A new approach to detect extreme events: a case study using remotely-sensed precipitation time-series data

Abstract

Detecting and predicting extreme events are of major importance for socioeconomic, healthcare and ecological purposes. This study proposes an alternative model to detect extreme events based on analyses of probability distribution functionffnss (f(X)), called Optimum Probability Distribution Function Searcher Model (Opt.PDF-model). The Opt.PDF-model involves the optimization of a fitness function between an histogram and a set of theoretical f(X), and the subsequent evaluation of the Probability Point Function (PPF) of the fittest theoretical (f(X)) to assess threshold values for the classification of extreme events. Any occurrence in the dataset with a PPF value equal to or greater than 90% was considered an extreme event candidate. A satellite-derived precipitation time-series (Climate Hazards Group InfraRed Precipitation with Station data) was used to calibrate and validate the proposed model, with data on accumulated precipitation from more than 30 years (Jan.1981 to Dec.2018) of the Brazilian Amazon region. The proposed method was pairwise cross-validated with two other extreme event models based on Gamma and Gaussian distributions, as applied by the European Drought Observatory of the European Environment Agency. Aditionally, all three extreme event classification models were cross-validated relative to the El Niño Southern Oscillation (ENSO).

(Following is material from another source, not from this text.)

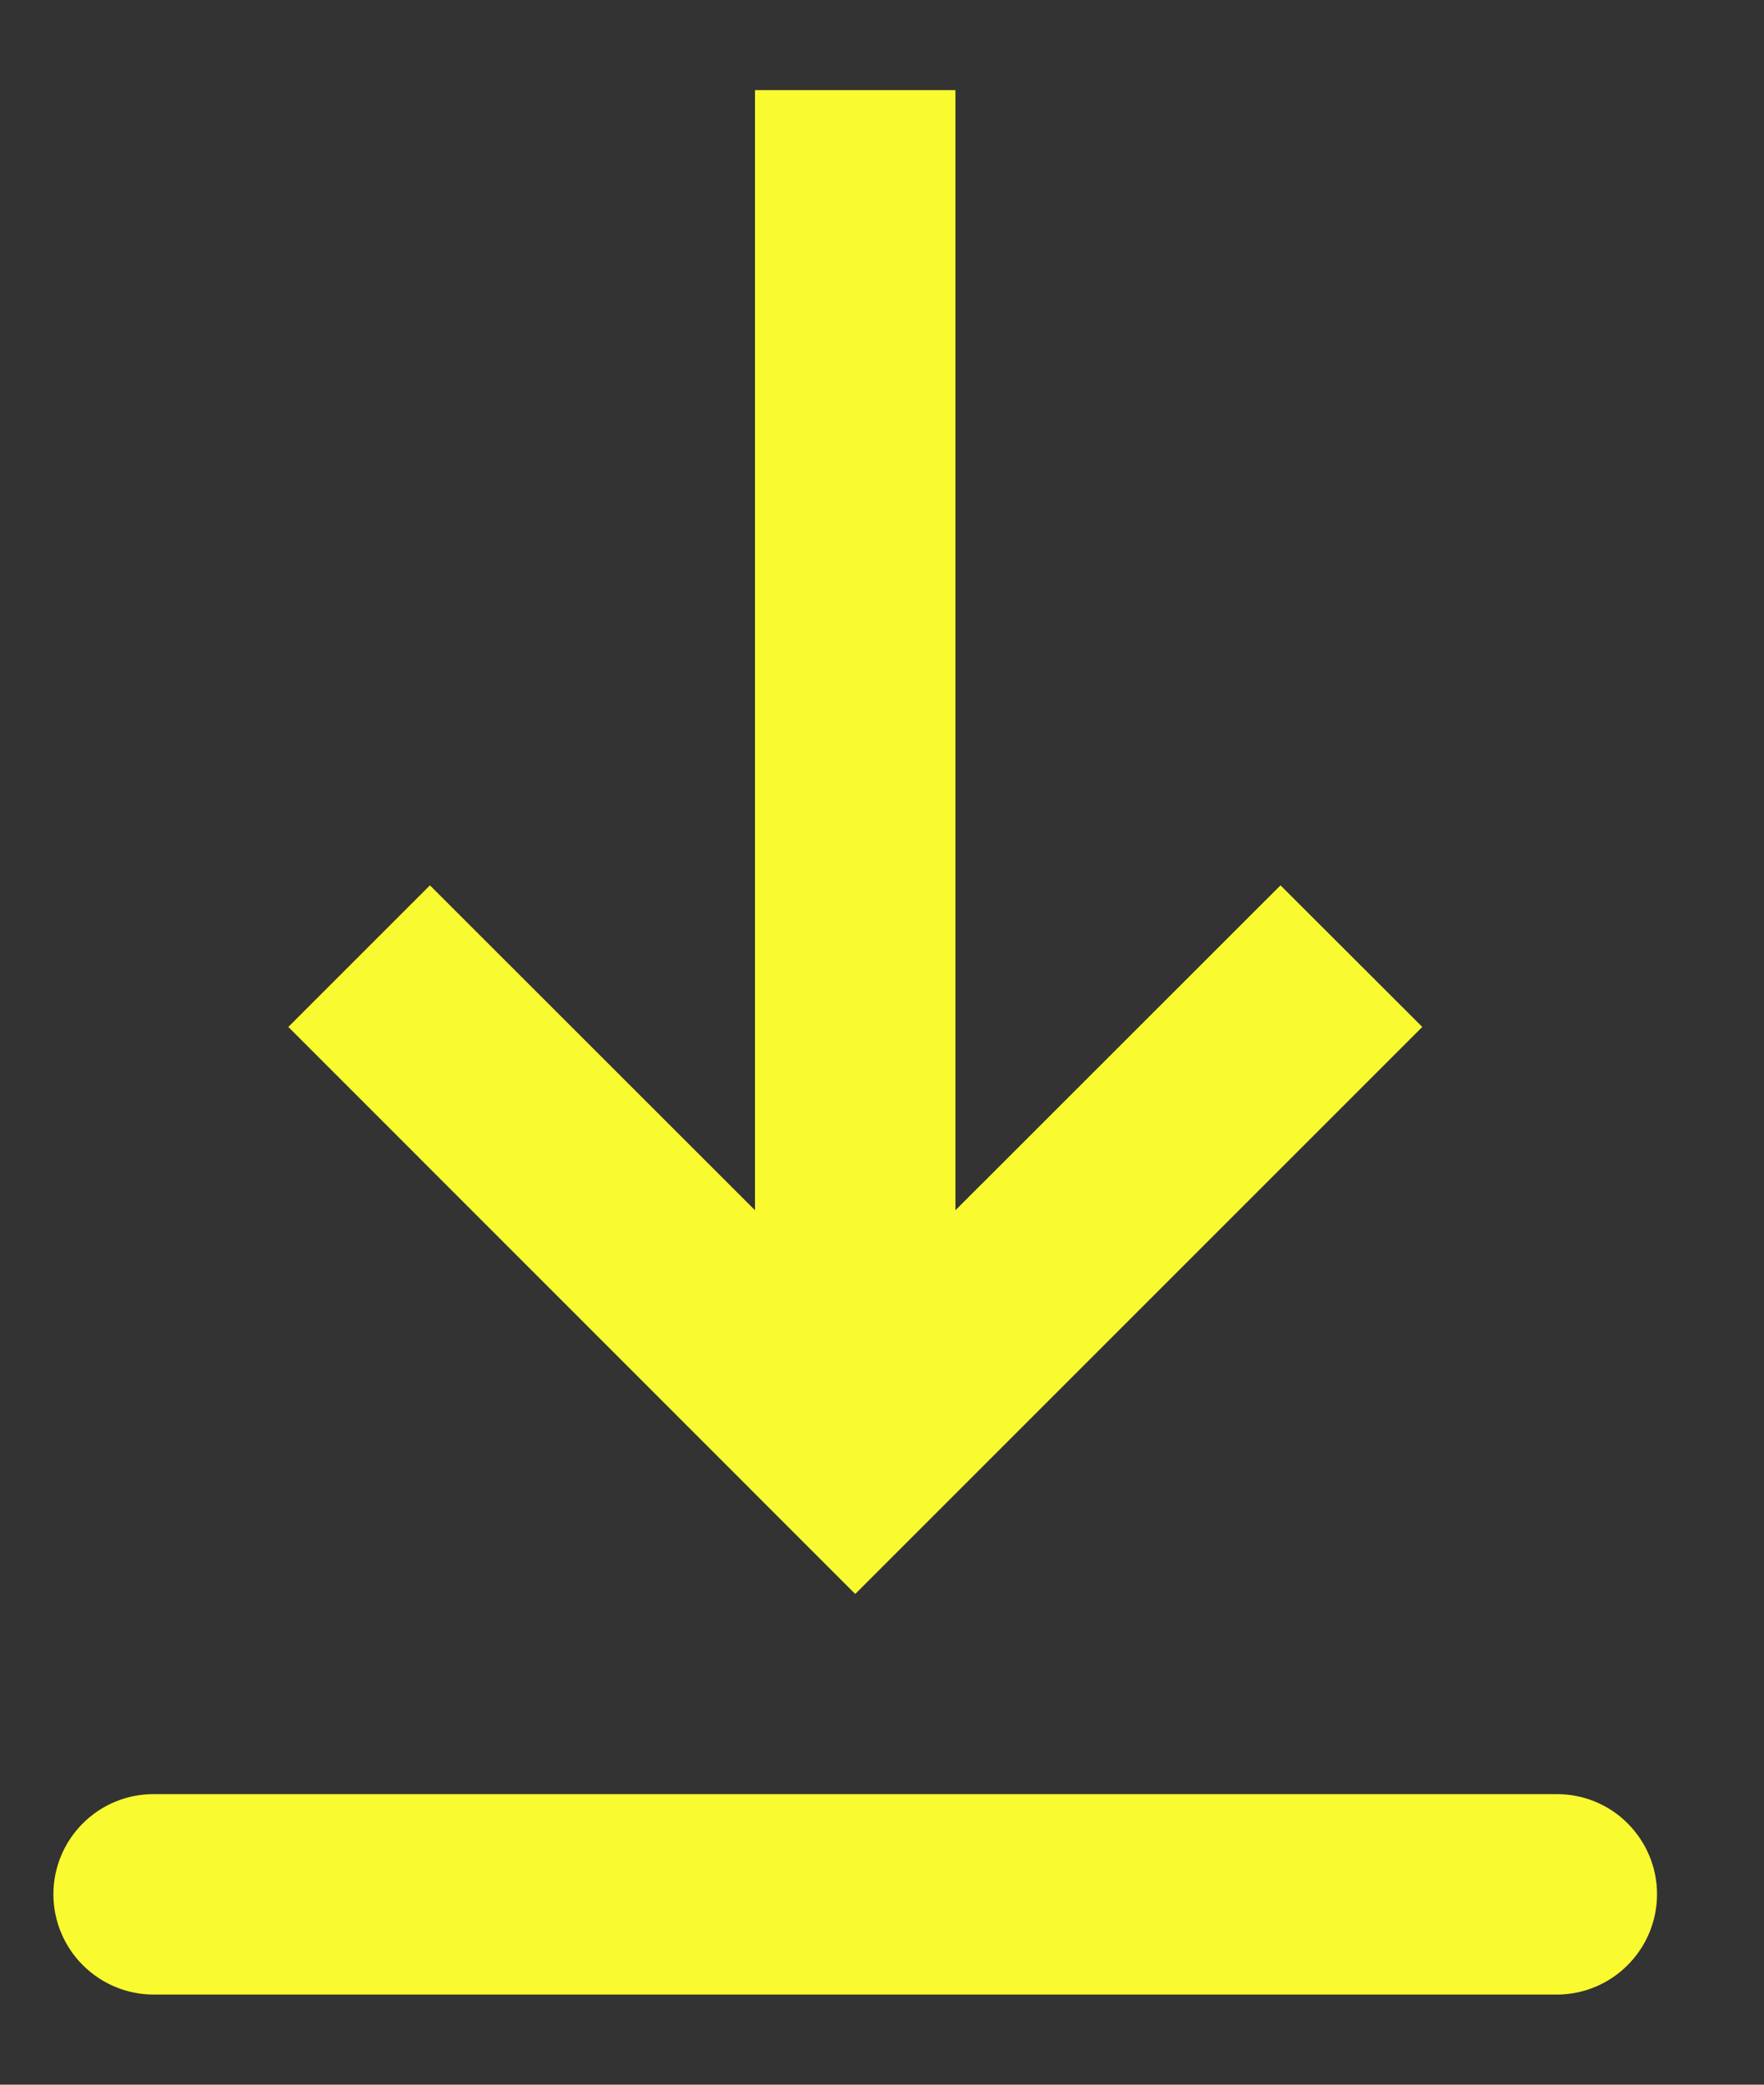 <svg width="11" height="13" viewBox="0 0 11 13" fill="none" xmlns="http://www.w3.org/2000/svg">
<rect x="0" y="0" width="11" height="13" fill="#333333" stroke="none"/>
<path fill-rule="evenodd" clip-rule="evenodd" d="M0.958 11.188H9.708C9.874 11.188 10.033 11.253 10.15 11.371C10.267 11.488 10.333 11.647 10.333 11.812C10.333 11.978 10.267 12.137 10.15 12.254C10.033 12.372 9.874 12.438 9.708 12.438H0.958C0.792 12.438 0.634 12.372 0.516 12.254C0.399 12.137 0.333 11.978 0.333 11.812C0.333 11.647 0.399 11.488 0.516 11.371C0.634 11.253 0.792 11.188 0.958 11.188ZM5.958 7.547L7.985 5.521L8.869 6.404L5.333 9.94L1.798 6.404L2.681 5.521L4.708 7.547V0.562H5.958V7.547Z" fill="#FAFA30"/>
</svg>

By means of the Opt.PDF-model, it was possible to evidence two positive temporal trends for the area of study: one for more intense precipitation events, and another for less intense events. The pairwise cross-validation analysis returned specific Kappa’s similarity indices, and the highest similarity was observed between the Gamma and the Opt.PDF models (48% for PPF(97.7%)). This analysis indicated that extreme event detection models are highly sensitive to distribution family priors and to threshold definitions. The proposed approach and the results obtained here are potentially useful for climate change warnings, and can be extended to other scientific areas that involve time-series analyses.